#### Required work:
The whole listing below must be printed again exactly, images excluded.

#### Material to process:

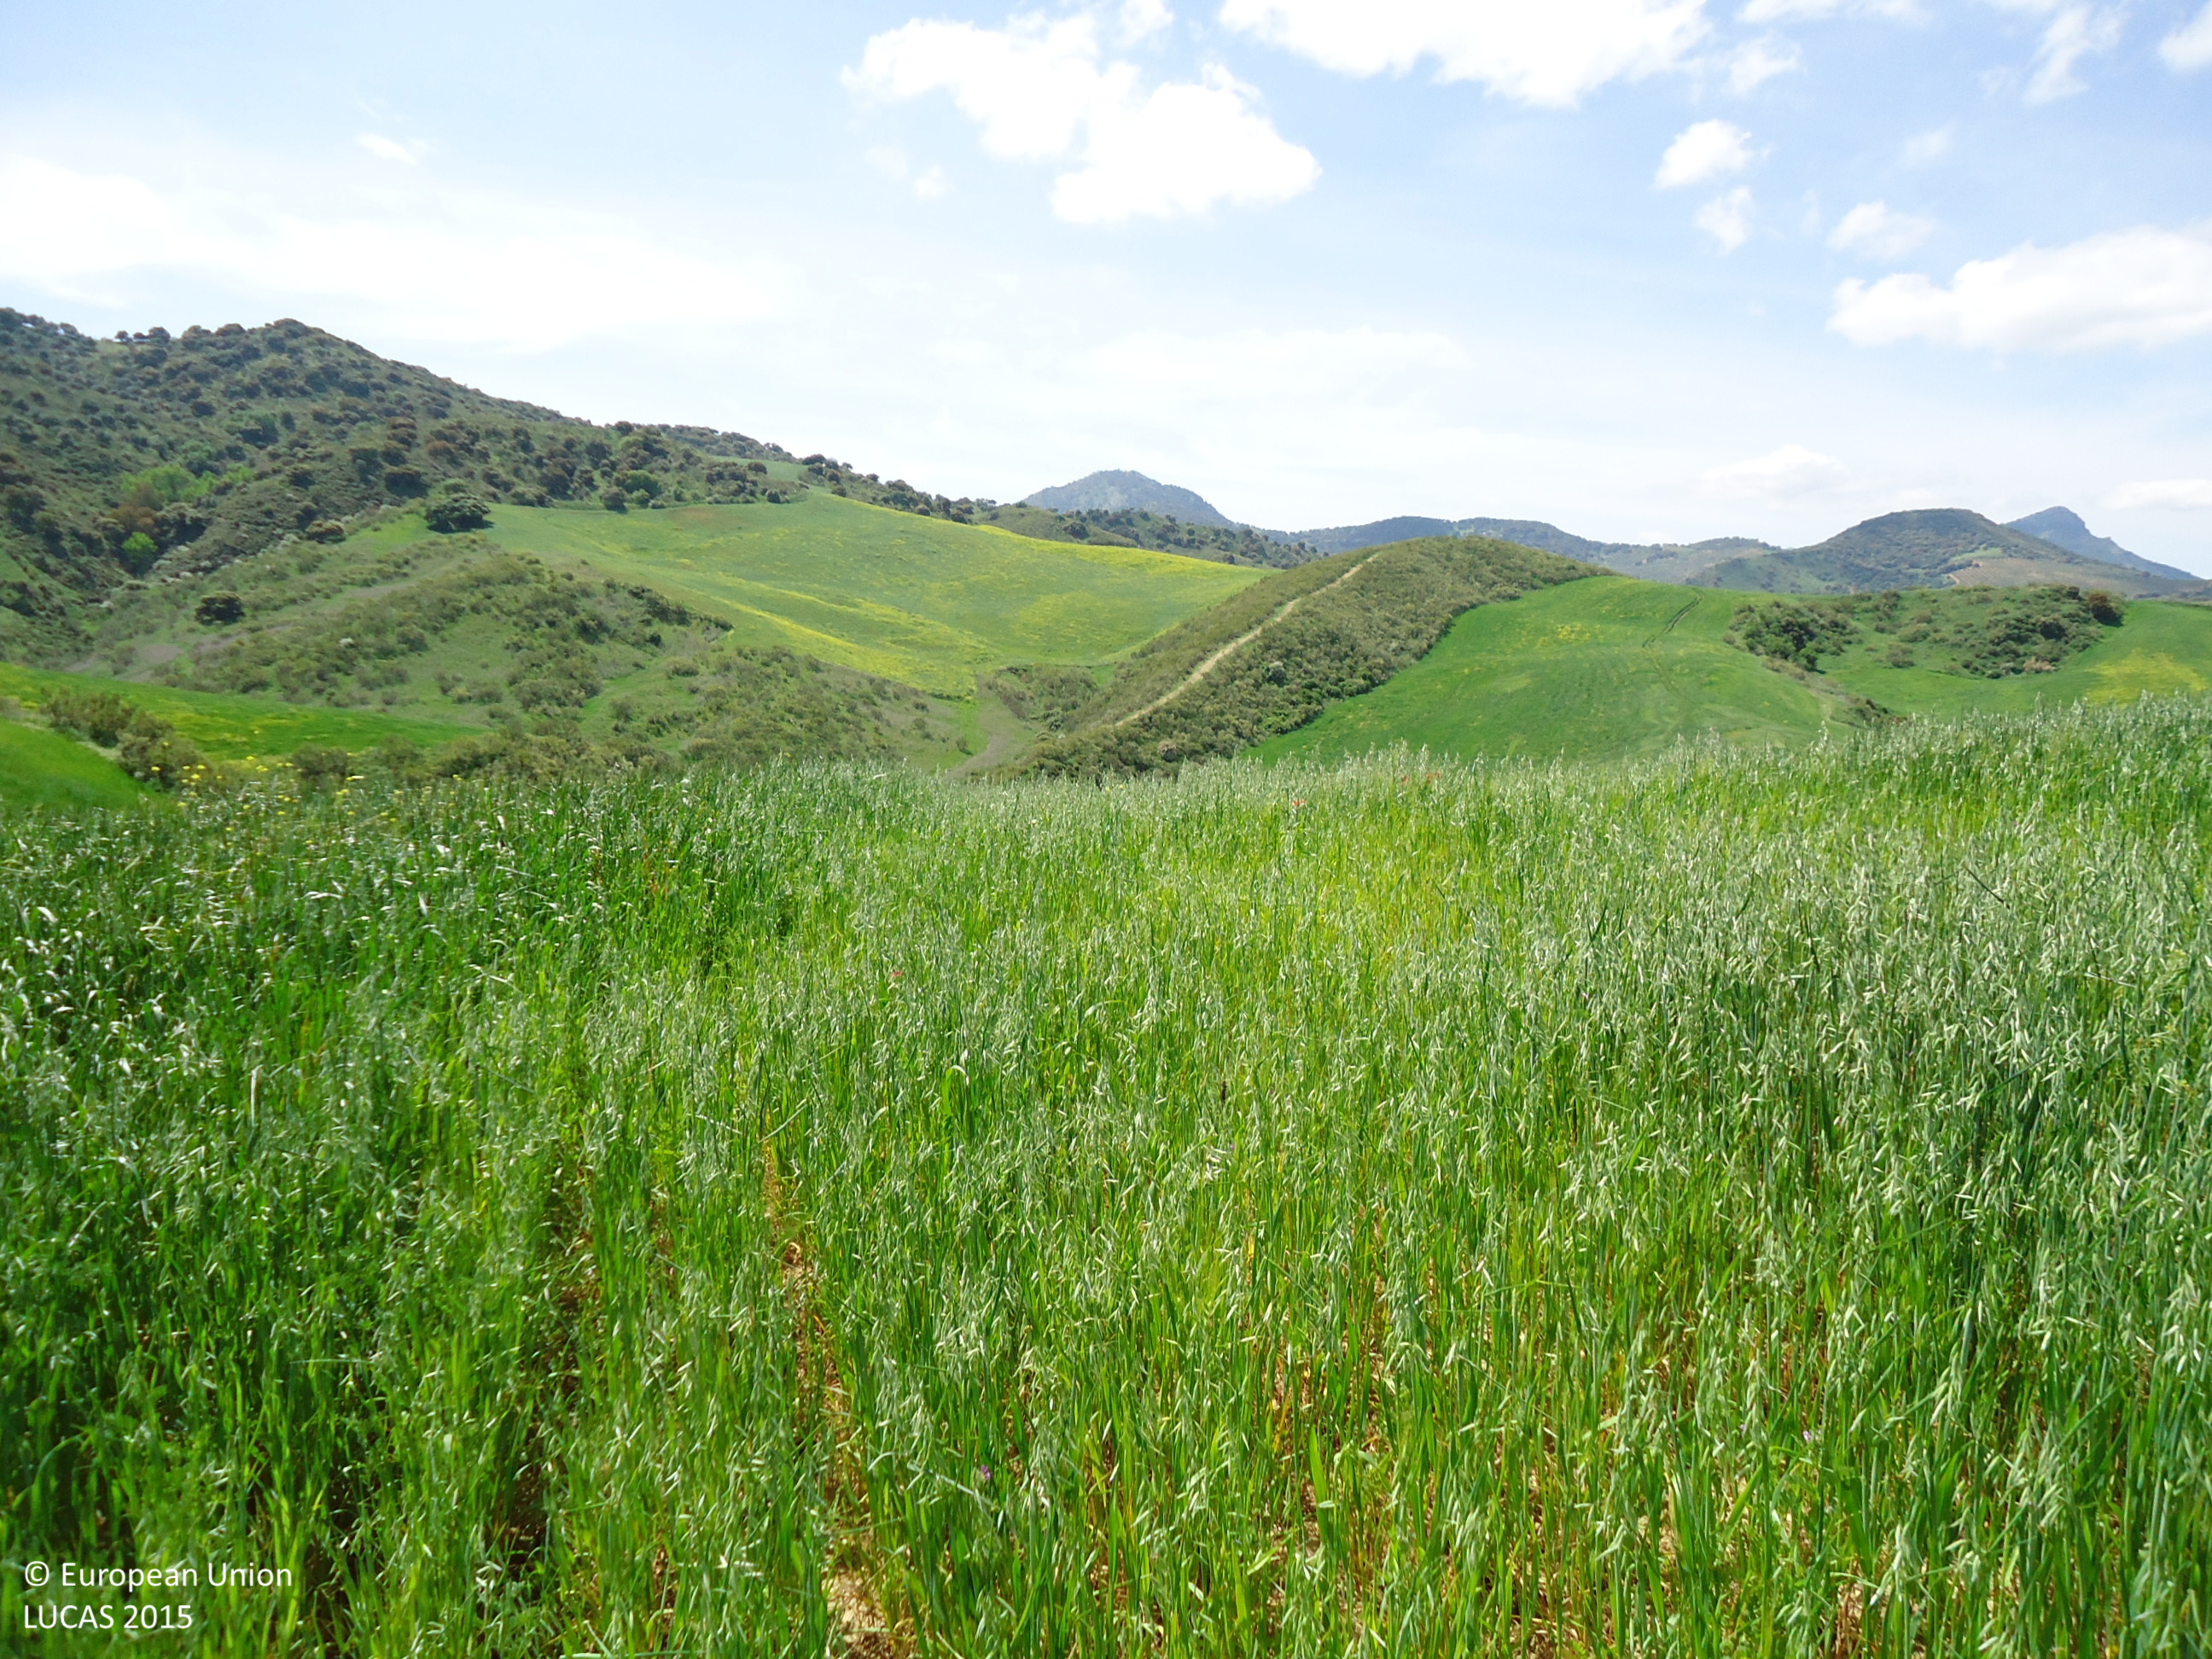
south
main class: Cropland
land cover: Oats
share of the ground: > 75 %
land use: Agriculture (excluding fallow land and kitchen gardens)
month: April
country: ES
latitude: 36.8923
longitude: -5.2756

#### Result below:
south
main class: Cropland
land cover: Oats
share of the ground: > 75 %
land use: Agriculture (excluding fallow land and kitchen gardens)
month: April
country: ES
latitude: 36.8923
longitude: -5.2756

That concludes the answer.